Now she laughed. “What were they like?”

He shrugged. “Thuringians. All but one.”

“What was she?”

“A Slav.”

“A pagan?”

“Yes.

“How could you do that?”

“The same way you and I do it.”

“Hunh.”

“Was she beautiful?”

“No.”

“Did you love her?”

“No.”

“That’s awful.”

He thought quickly of the Slavic girl’s long body, long arms, long entwining legs, her deep arched back, and the glint of her eyes in the dark.

“Where will we live in Flanders?”

“In the castle of the Count of Flanders in Ghent.”

“What is Ghent?”

“A village.”

“How long will it take us to get there?”

“Why do you ask so many questions?”

“Because you know the answers.”

He laughed. “Well, we’ll be there in time for Christmas. Now don’t ask me any more questions. I feel sleepy.”

“Would you be sleepy if I came over there?”

“Probably not.”

They rode on to Worms,, and there he found a friend of his, Joffre, who ran an inn. He saw Laeghaire and called to him and drew him aside. He looked at the girl, who was watering the horses.

“The Duke of Thuringia is hunting you high and low,” Joffre said.

“Tell me something new. I didn’t think he’d send so far west, though.”

“Here he’d have trouble. This is an imperial city, you know. He can’t just take you.
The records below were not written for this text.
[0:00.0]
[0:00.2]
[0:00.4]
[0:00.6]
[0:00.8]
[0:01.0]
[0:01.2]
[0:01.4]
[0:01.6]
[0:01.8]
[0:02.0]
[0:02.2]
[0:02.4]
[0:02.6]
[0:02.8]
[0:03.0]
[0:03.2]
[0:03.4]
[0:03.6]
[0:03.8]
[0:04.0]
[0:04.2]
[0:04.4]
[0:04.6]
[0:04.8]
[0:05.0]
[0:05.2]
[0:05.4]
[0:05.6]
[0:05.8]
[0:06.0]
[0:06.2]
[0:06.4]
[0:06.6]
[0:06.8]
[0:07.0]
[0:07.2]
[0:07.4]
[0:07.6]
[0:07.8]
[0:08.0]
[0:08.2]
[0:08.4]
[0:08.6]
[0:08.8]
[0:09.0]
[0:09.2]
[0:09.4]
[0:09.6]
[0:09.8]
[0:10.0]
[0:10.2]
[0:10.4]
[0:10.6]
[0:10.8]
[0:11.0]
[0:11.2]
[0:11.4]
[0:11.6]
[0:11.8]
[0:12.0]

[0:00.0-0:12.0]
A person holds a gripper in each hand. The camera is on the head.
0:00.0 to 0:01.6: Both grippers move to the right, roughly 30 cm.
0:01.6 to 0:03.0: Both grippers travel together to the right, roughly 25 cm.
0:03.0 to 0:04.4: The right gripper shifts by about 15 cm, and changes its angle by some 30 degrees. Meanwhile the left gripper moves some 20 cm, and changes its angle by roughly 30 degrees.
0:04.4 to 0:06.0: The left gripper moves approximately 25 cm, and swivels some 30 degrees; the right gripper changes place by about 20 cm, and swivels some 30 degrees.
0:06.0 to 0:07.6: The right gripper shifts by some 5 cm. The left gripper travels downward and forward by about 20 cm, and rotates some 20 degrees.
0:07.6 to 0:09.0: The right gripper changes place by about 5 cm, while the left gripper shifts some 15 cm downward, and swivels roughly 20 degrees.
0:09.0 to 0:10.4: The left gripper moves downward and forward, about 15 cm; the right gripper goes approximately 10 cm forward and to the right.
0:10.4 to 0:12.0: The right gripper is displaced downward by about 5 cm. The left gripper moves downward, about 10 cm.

I’d thought you’d want to know. What did you do?”

“He refused to pay me, so I took it.”

“Ah, so. I’d heard the other half. Now it makes sense. Do you want, a bed?”

“Yes.”

“Who’s the woman?”

“I got her in the south.”

Joffre made a shrug with his eyebrows. “Is she a bother? Do you want me to take her?”
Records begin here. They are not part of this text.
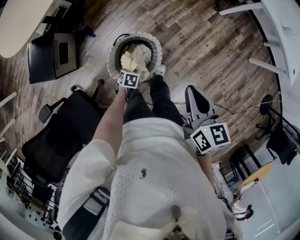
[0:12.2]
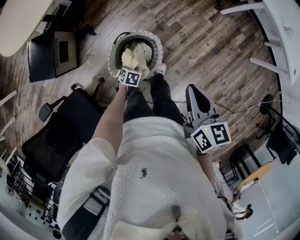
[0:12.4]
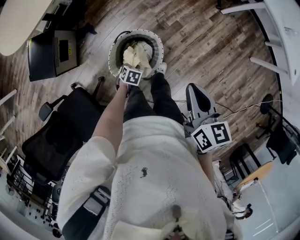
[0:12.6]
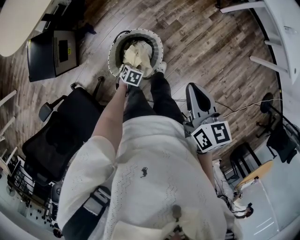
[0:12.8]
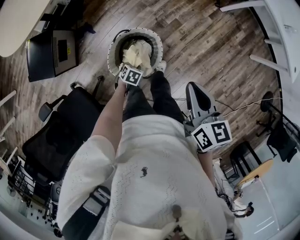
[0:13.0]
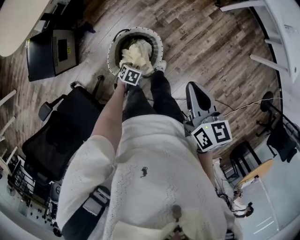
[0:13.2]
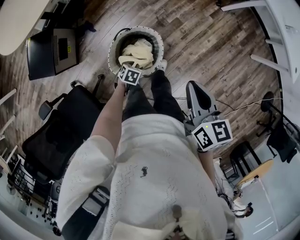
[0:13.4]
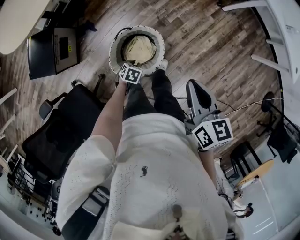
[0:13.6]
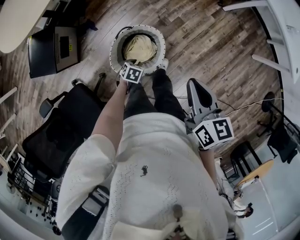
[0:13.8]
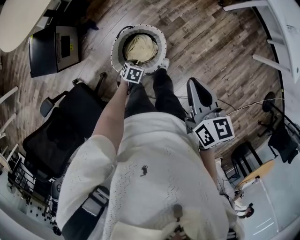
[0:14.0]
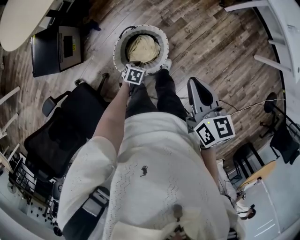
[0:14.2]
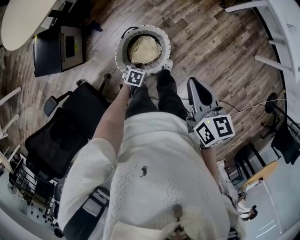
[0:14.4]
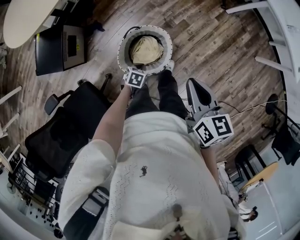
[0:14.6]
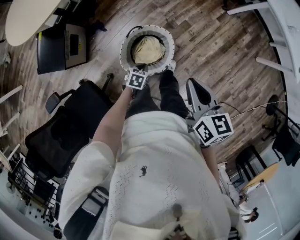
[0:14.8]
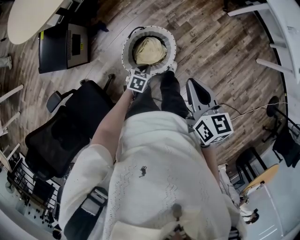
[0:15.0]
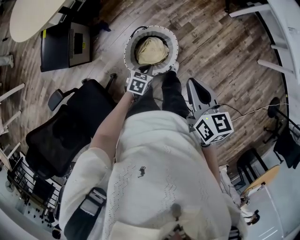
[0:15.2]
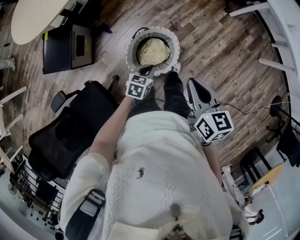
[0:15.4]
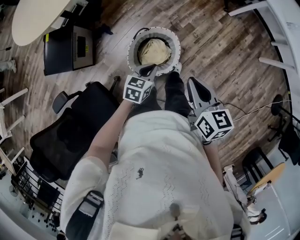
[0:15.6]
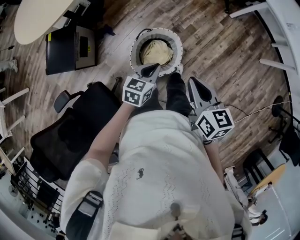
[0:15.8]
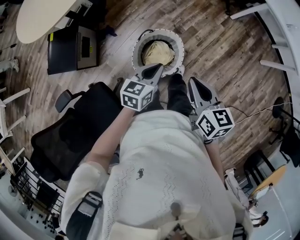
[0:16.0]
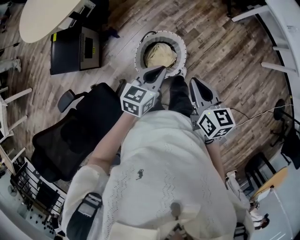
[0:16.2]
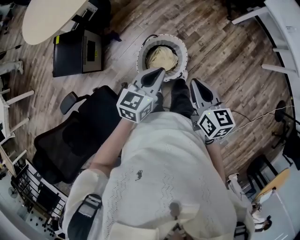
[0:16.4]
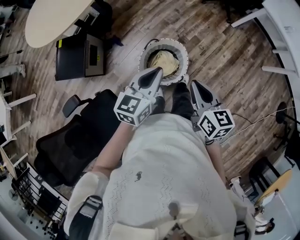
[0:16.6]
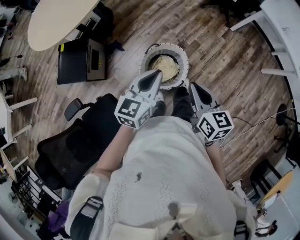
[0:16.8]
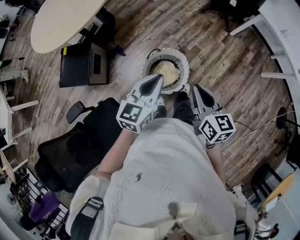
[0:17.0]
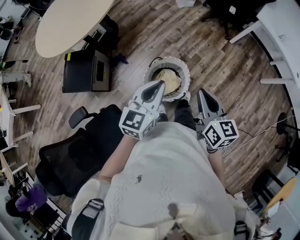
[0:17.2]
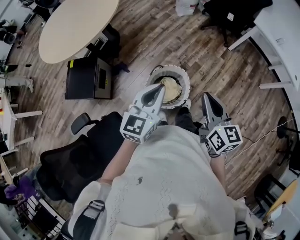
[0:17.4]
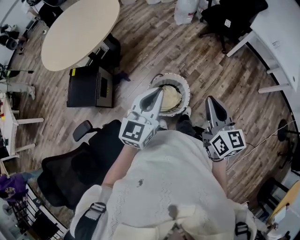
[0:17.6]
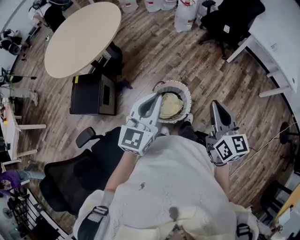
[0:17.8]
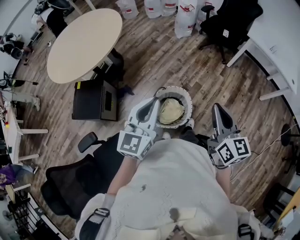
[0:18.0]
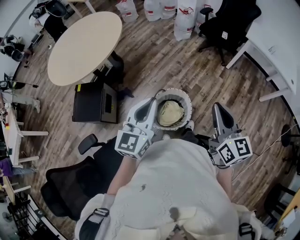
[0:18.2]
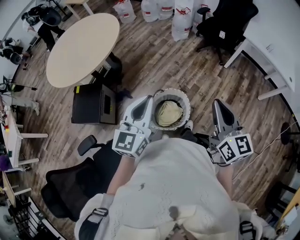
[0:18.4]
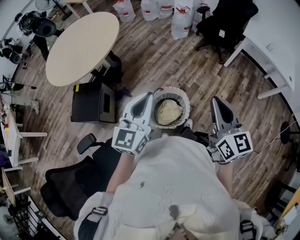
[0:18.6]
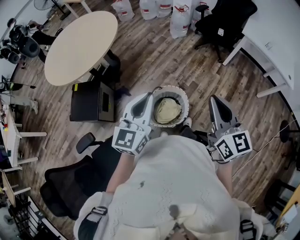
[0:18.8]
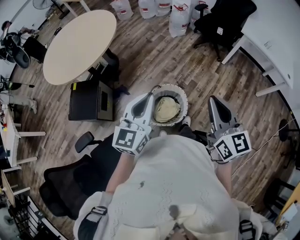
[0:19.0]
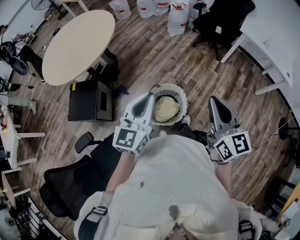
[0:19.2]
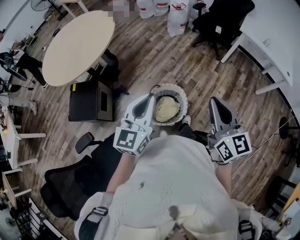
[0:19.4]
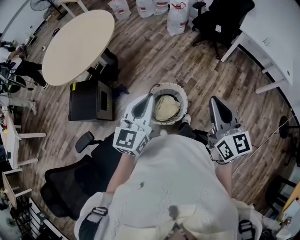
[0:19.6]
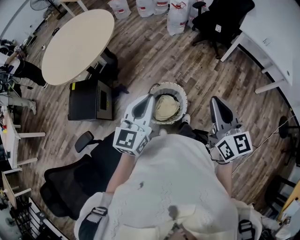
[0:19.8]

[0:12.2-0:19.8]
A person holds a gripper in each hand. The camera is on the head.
0:12.2 to 0:13.8: The grippers move only a little.
0:13.8 to 0:15.2: The right gripper shifts about 10 cm backward and to the left, while the left gripper moves upward and backward, some 15 cm.
0:15.2 to 0:16.8: The left gripper travels upward by roughly 30 cm, and angles its fingers upward, by roughly 40 degrees, while the right gripper travels to the left and backward by about 10 cm.
0:16.8 to 0:18.2: Both grippers move upward, some 15 cm. The right gripper swivels some 20 degrees.
0:18.2 to 0:19.8: The grippers make only small movements.

“I paid good silver for her.”

Joffre made another gesture. “I’ll give you a mark.”

Laeghaire turned to look at her. She sat on the brown stallion. Her long bare legs thrust down over the stallion’s shoulders. Her hair hung around her. He thought of the black eyes staring past him into the sky.

“She’s worth more than a mark.”

“Two, then.”

“No, she’s no trouble.”

“You’re sure?”

“Yes.”

“You and your damned honor.” Joffre patted his belly. “Now, listen. The news that the Duke was hunting you got around pretty quick. Just a few days ago I got a message by one of the traders who come through here. Ben Abram, you known him. Anyway, it was from Guillaume, the Flemish Count’s captain. He said if you came by I was to tell you that he’ll make a place for you in the army.”

“The army or the guard?”

“Small difference. The army, he wrote. He may have meant the guard.”

“The guard is just by the court. The army—I had the idea that Baldwin’s army was all raised by knights’ fees.”